→ WORK INSTRUCTIONS: Find the lines in the records below that contain "ground", and report each of them.

[Dataset items]
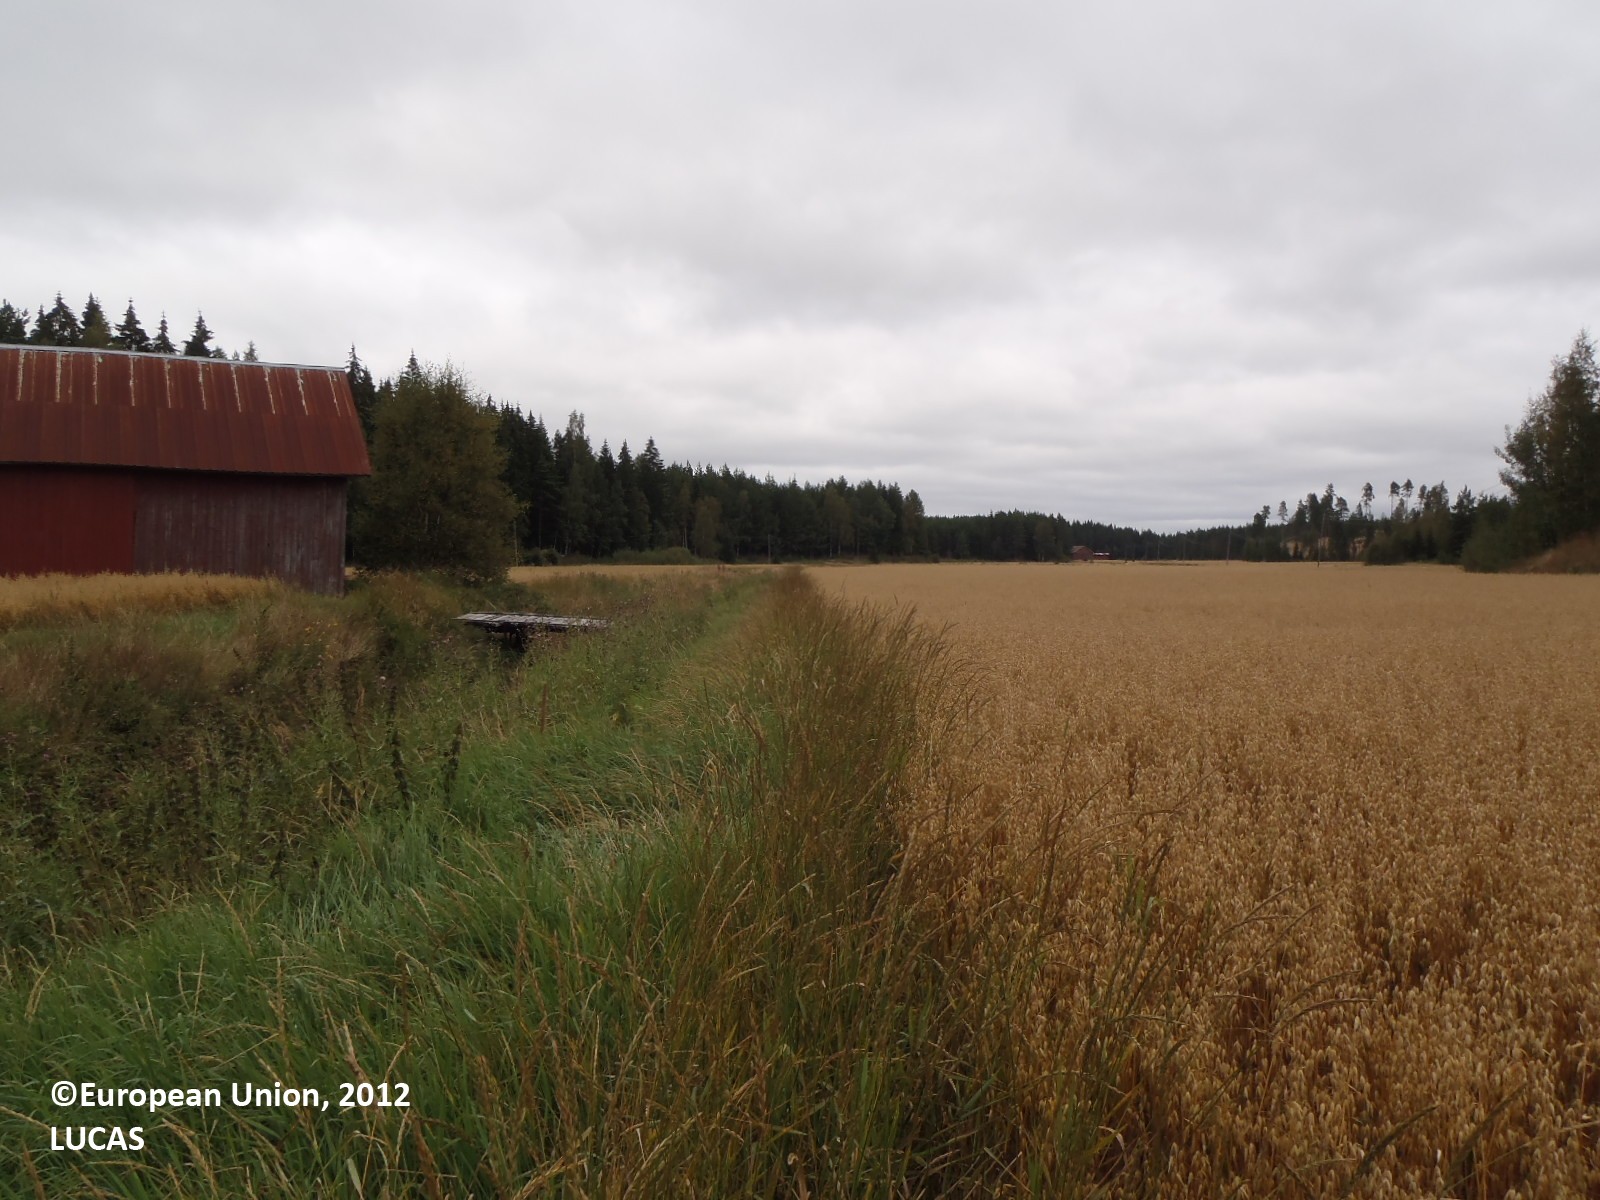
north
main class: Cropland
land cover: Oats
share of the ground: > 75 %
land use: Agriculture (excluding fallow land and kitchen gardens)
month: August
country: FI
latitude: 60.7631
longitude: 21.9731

...

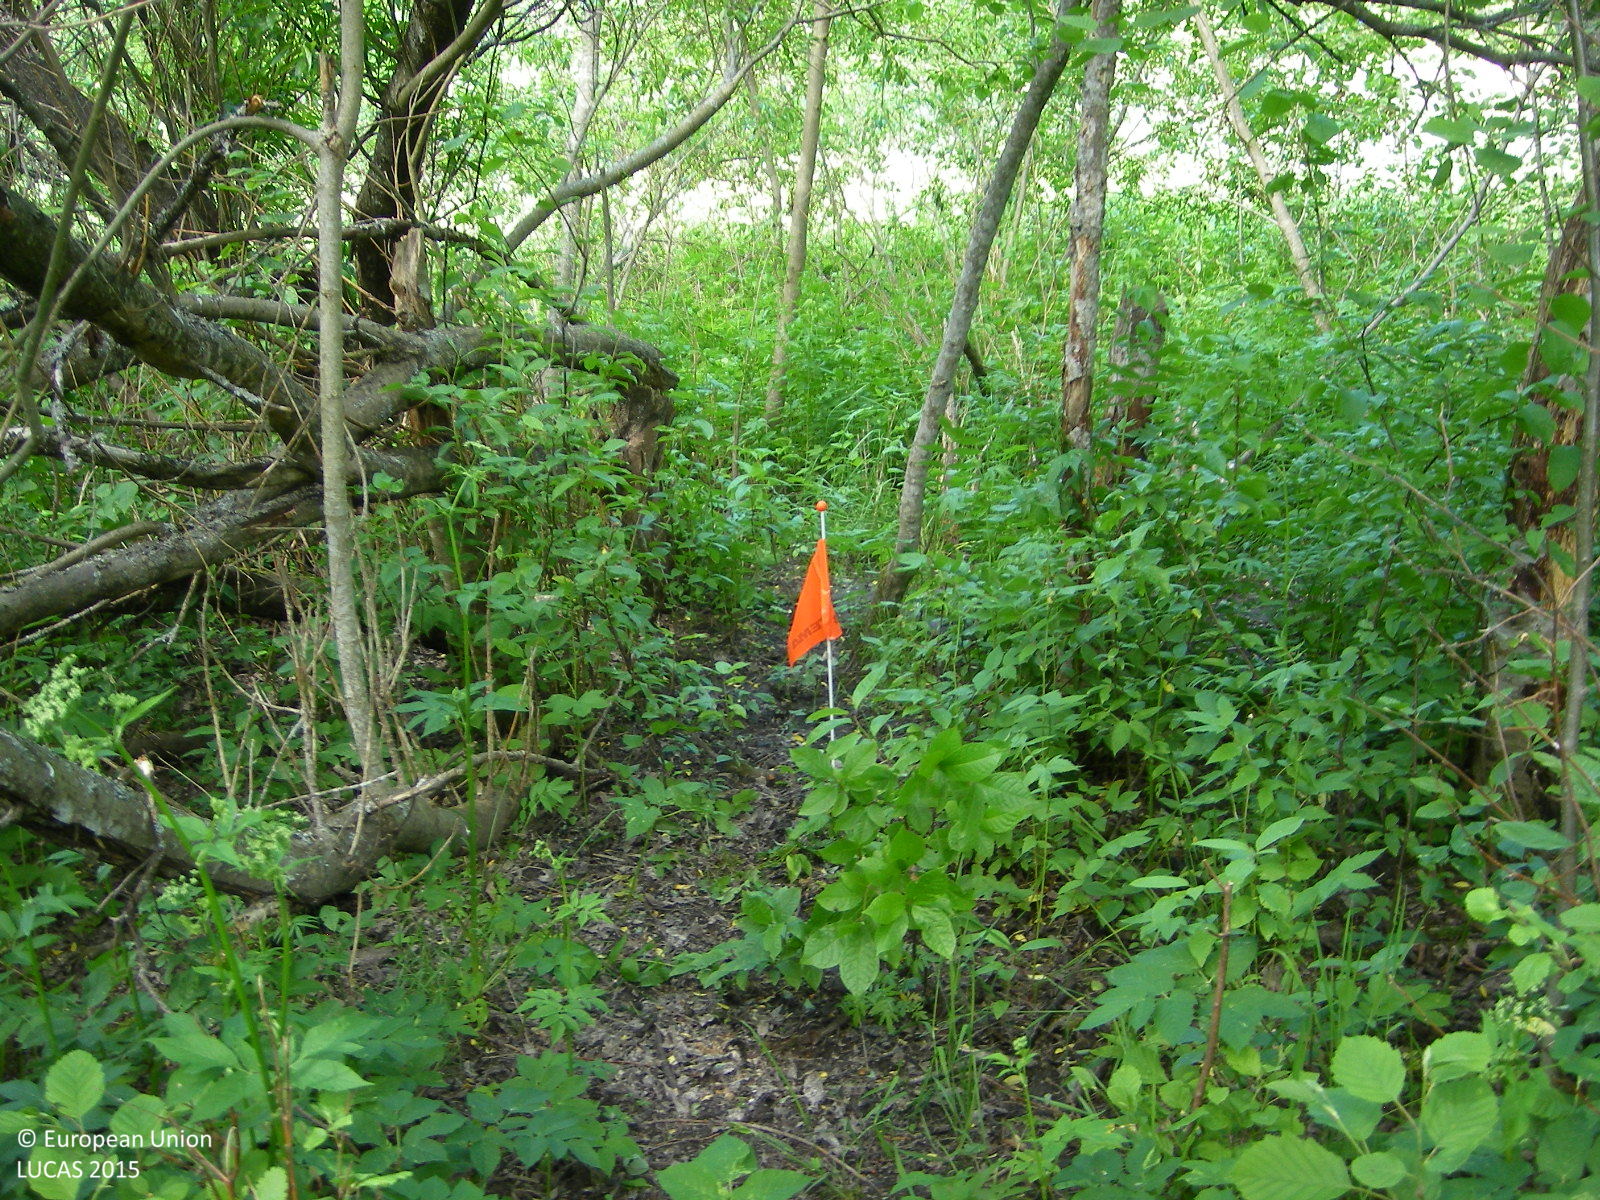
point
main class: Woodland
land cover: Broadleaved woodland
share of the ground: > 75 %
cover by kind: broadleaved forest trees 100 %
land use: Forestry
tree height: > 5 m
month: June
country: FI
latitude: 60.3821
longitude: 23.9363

---

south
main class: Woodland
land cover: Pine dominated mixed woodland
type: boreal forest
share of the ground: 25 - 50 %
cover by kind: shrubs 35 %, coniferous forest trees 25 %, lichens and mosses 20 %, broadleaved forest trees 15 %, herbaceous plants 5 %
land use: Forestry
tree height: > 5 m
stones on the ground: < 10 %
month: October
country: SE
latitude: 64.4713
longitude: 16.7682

→ RESPONSE FOR THIS EXERCISE:
share of the ground: > 75 %
share of the ground: > 75 %
share of the ground: 25 - 50 %
stones on the ground: < 10 %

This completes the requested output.